Ok I have checked everyday to see if someone would take us flounder gigging. Paying for the trip is no problem. We have never been and wanted to see what it was like. If you have it in your heart to take to rookies and show us a good time gigging email me at [email protected]

Jeff


----------



## Catchin Hell (Oct 9, 2007)

Bump! I realize he didn't promise to leave the bananas at home, but he's dangling a carrot that sounds like a good deal for someone.


----------



## Splittine (Nov 24, 2007)

Dont take it to heart if you dont hook up with someone. Gigging spots are very secretive around here. Its nothing personal people are just very protective of their gigging. Goodluck on the find.


----------



## bbb (Jun 18, 2008)

I'm probably too far East, but I can take you out of the Tallahassee area.


----------



## triguy7 (Mar 22, 2008)

Good lucking rig!


----------



## Trafficman (Apr 12, 2010)

Thanks and I will get in touch with you when I go over to Madison, Florida to visit family. Wife wanted to try it and best I found on the net was in Jacksonville but she don"t leave her dogs for 24 hours. Please send me a email at [email protected] and we shall stay in touch. 

Jeff


----------



## Trafficman (Apr 12, 2010)

Thanks for the replies and I understanding fishing spots. I will always hire a boat before I own one .. LOL Wife wanted to try flounder gigging and I prefer back water river fishing with a cricket and no waves.. I did read about the Swoop out of destin and took her offshore the other day. Caught 4 fish and gave them away.. LOL ... I will be doing a lot of fishing because she loves to fish even if its in a mud puddle... I see over 900 people have looked at this post and not even one has been willing to take us local. Just something we wanted to try one time.

Jeff


----------



## Catchin Hell (Oct 9, 2007)

Just remember, of the 900 readers, there's probably not 25 among them that target flounder.
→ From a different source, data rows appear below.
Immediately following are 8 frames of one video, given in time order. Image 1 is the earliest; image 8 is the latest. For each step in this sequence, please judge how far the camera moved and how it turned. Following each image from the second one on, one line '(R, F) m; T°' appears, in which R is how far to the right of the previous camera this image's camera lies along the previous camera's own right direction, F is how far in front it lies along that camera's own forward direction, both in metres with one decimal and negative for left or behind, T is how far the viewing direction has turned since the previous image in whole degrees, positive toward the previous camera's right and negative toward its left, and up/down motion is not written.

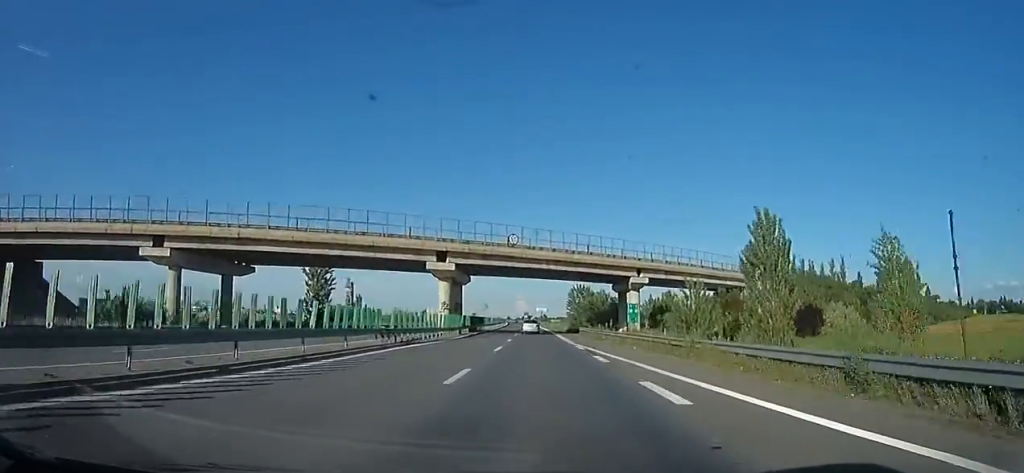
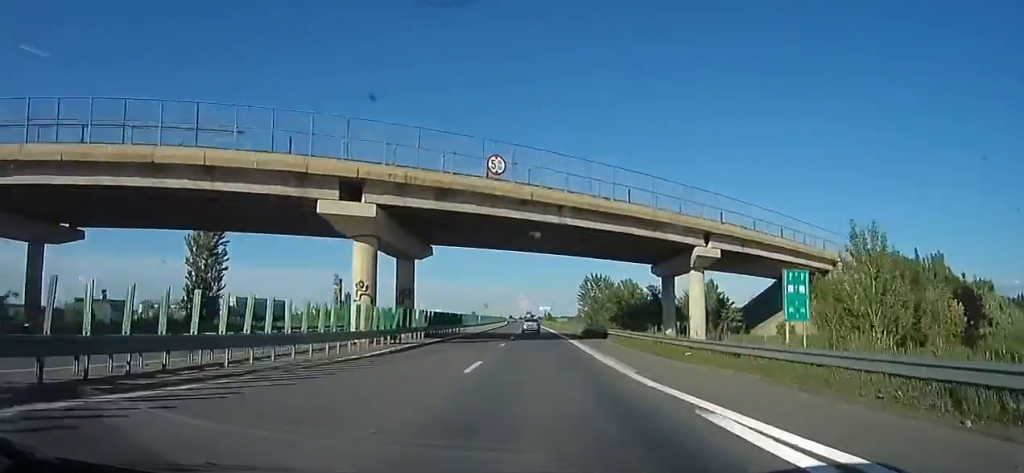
(-0.4, +20.9) m; 0°
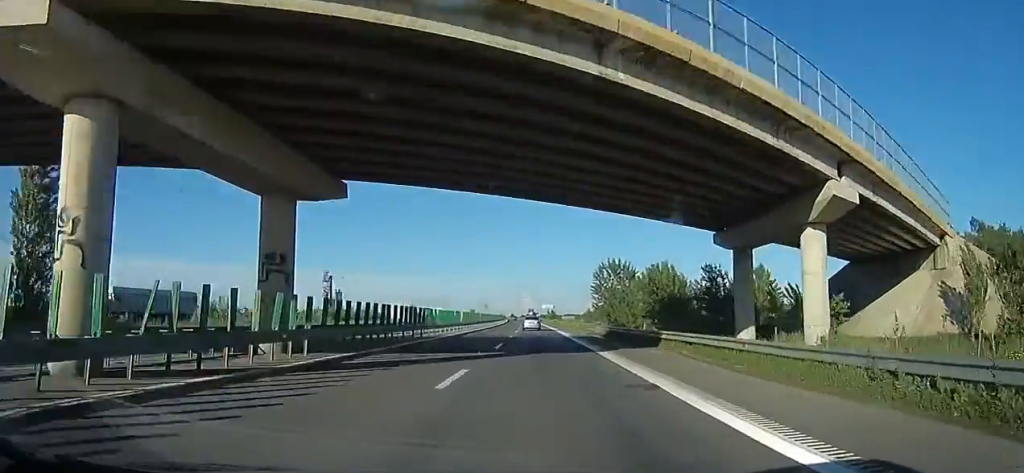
(0.0, +15.5) m; +1°
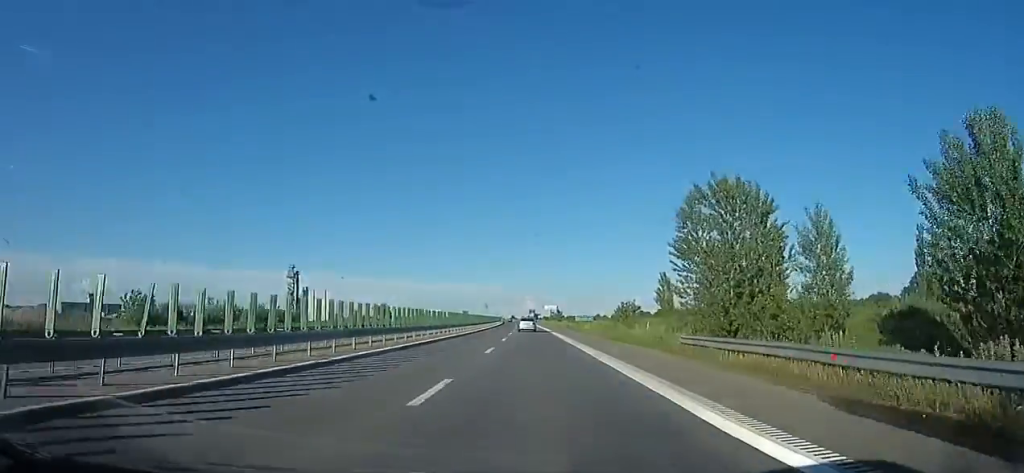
(+1.1, +36.3) m; +1°
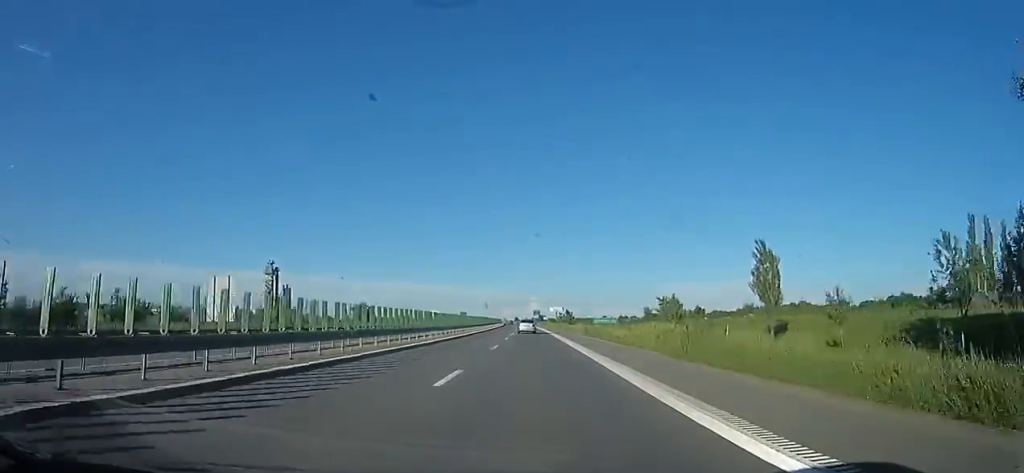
(-0.3, +21.0) m; -1°
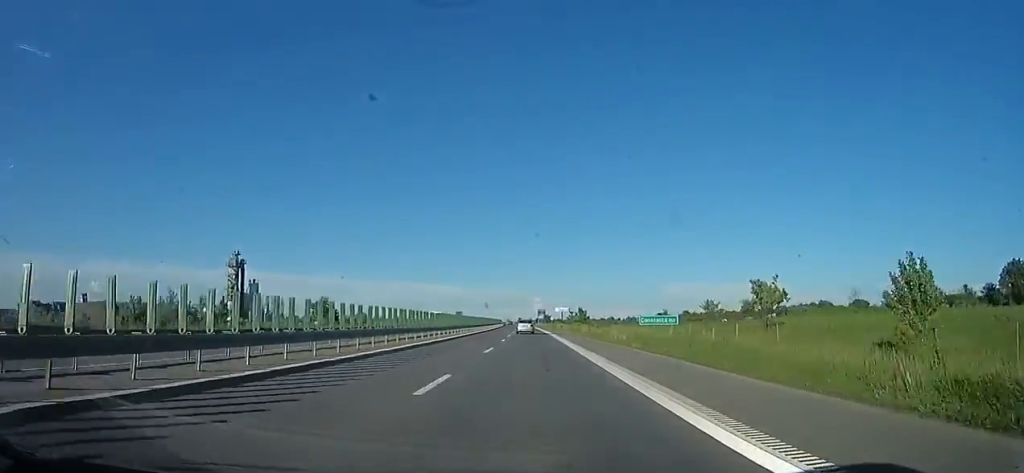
(-0.5, +26.0) m; -1°
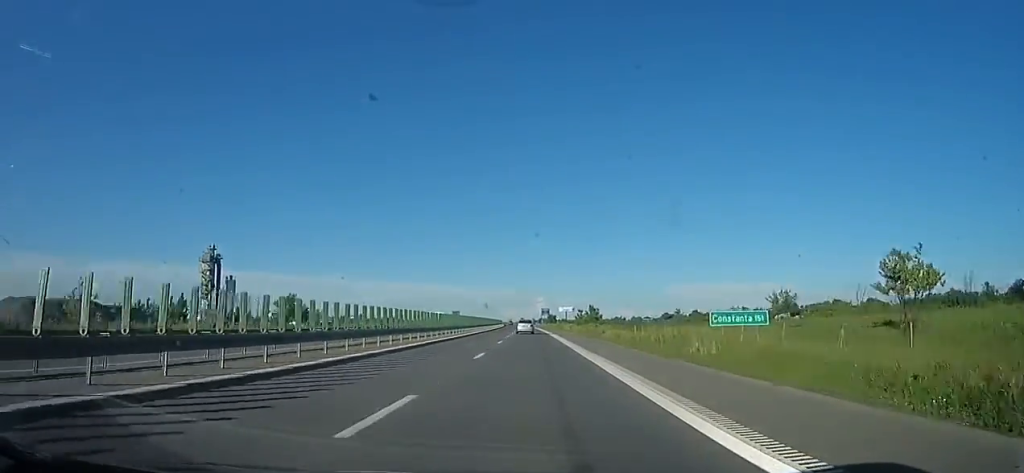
(-0.1, +15.0) m; 0°
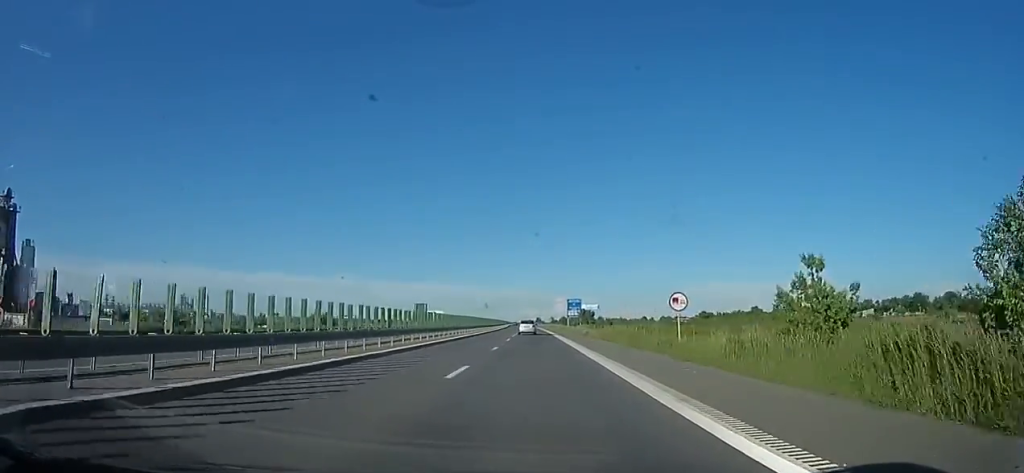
(-2.2, +76.6) m; -2°
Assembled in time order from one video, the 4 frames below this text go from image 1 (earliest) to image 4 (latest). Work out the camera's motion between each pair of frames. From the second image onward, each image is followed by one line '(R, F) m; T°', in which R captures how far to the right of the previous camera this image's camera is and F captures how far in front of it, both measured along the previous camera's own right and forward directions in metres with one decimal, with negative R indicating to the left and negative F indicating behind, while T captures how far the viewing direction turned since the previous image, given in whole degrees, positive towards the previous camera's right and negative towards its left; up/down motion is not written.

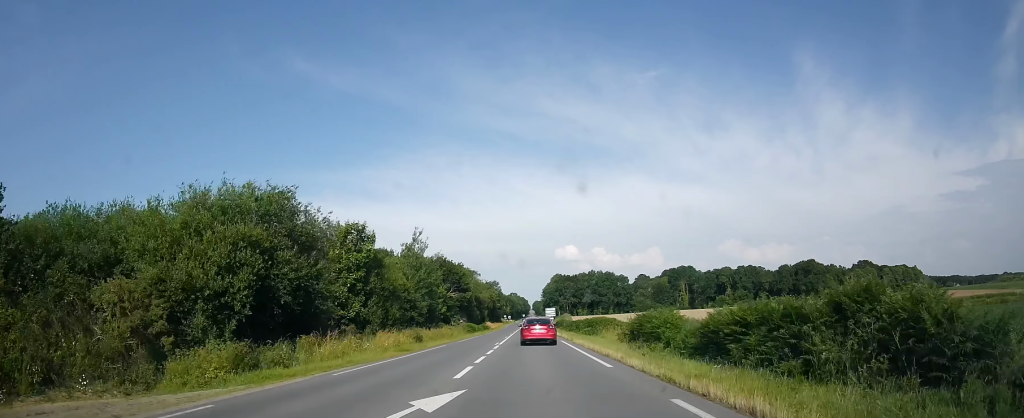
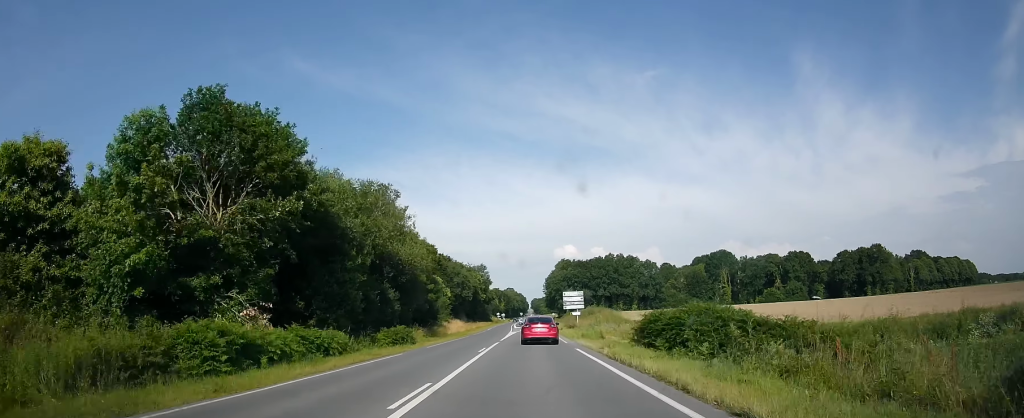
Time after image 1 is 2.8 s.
(0.0, +60.7) m; 0°
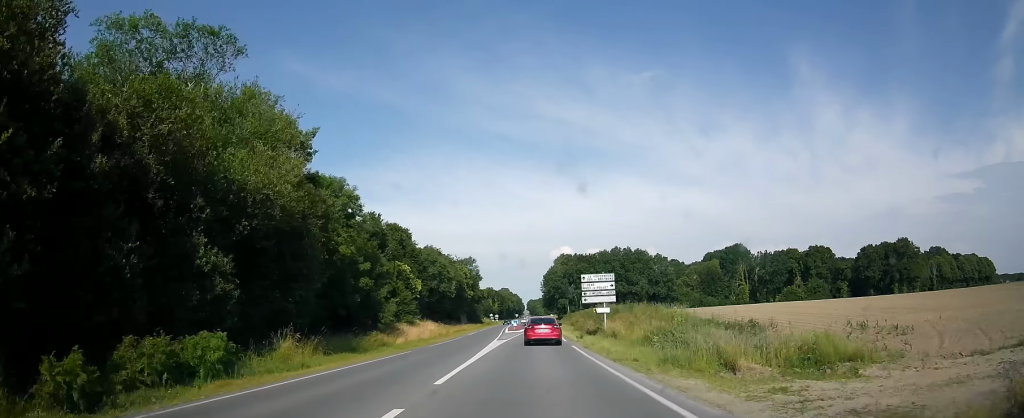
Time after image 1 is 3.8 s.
(-0.6, +21.8) m; -1°
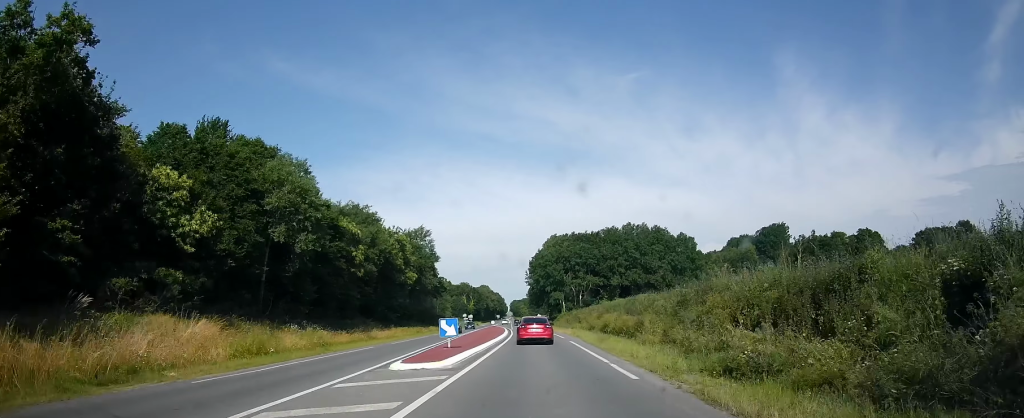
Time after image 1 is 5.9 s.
(0.0, +45.2) m; 0°

Additionally, flounder boats are generally two person (average sized)operations, so having three people on board will slim the 25 number down to 1 or 2 with craft large enough to take you guys out and still float in skinny water. JMHO


----------



## bbb (Jun 18, 2008)

Email sent.


----------



## gig head (Apr 26, 2009)

nice rig BBB


----------



## Trafficman (Apr 12, 2010)

WOW!!!! I see why everyone likes to flounder gig... I would like to thank a young man from Jay and I will call him Mr. J...!!! We went out last night and kicked the lights on and gigged 6 flounder and 3 sheepshead... Its a different world out there but the wind was a killer.. I understand why you got to have good eye sight... LOL Again thanks to the post on here someone did let me try it for the first time. Will I go and buy a boat and start flounder gigging.. Dont think this is something my wife will do because she dont like waiting to see a fish... LOL Once again thanks for all the input.... If someone is going out and wants a fill in or extra hand just email me because I had a blast.

Jeff


----------



## tjwareusmc (Jul 10, 2008)

Sounds like you guys had a fun time! I have been one time and I only got 2 and I have been wanting to go again ever since!


----------



## X-Shark (Oct 3, 2007)

This is how it starts. 

Then a boat....Then 12V Lights, Then a generator and Halogen lights, Then a quieter
generator and HPS Lights.

Get Ready to spend some money. Ha!

Brother and I were talking about going...but that wind has been to high and from the wrong direction for us.


----------



## Trafficman (Apr 12, 2010)

Good thing I have a wife that says spend money on fishing and not hunting... Last time she said that I went and bought my 4x4 ATV... I did have a blast and it was fun... All cleaned and ready to go again. I will think about sleep later on.... LOL

Jeff


----------



## Sea~N~Red (May 16, 2010)

Jeff, Glad you enjoyed your trip! hopefully next time the wind will let up and let us go to some other (secret spots) ....lol we had a ok night for the conditions .. hopefully some of these other people will share some more info with you but for the first trip of the year we didn't do so bad! always remember (give a man a fish he eats for a day! Teach him to fish he can eat for a lifetime!) Thanks again and hopefully we can do it again ! Team Sea~N~Red ... Justin Nowling


----------



## Sea~N~Red (May 16, 2010)

Jeff, when you get ready to buy a boat let me know I may beready to sale mine! all you would need to do is hook it up and go fishing and you could start at the top...as the one guy said usually 12V then a generator then a quiet generator ..... thats where I'm at and I'm gonna get that extended run fuel tank working properly you could be in a turn key boat!


----------



## Catchin Hell (Oct 9, 2007)

Uh oh! Two PFF lifers have just been created.:shedevil Now I've got the itch to go...


----------



## Trafficman (Apr 12, 2010)

Hiya Justin and thanks again for all the fun.. Felt like I had a hang over with three hours of sleep before going outside this morning. Fish cleaned and I am having some of them today. We can talk boat little later maybe.. LOL Hey watch the wind and if you see a good night just call.. Just like before I got it covered !!! Looked at 10 homes and feel in love with one so not sure right now about buying a boat just yet. LOL BTW thanks again for being so kind and showing me what flounder gigging is like. 

Jeff


----------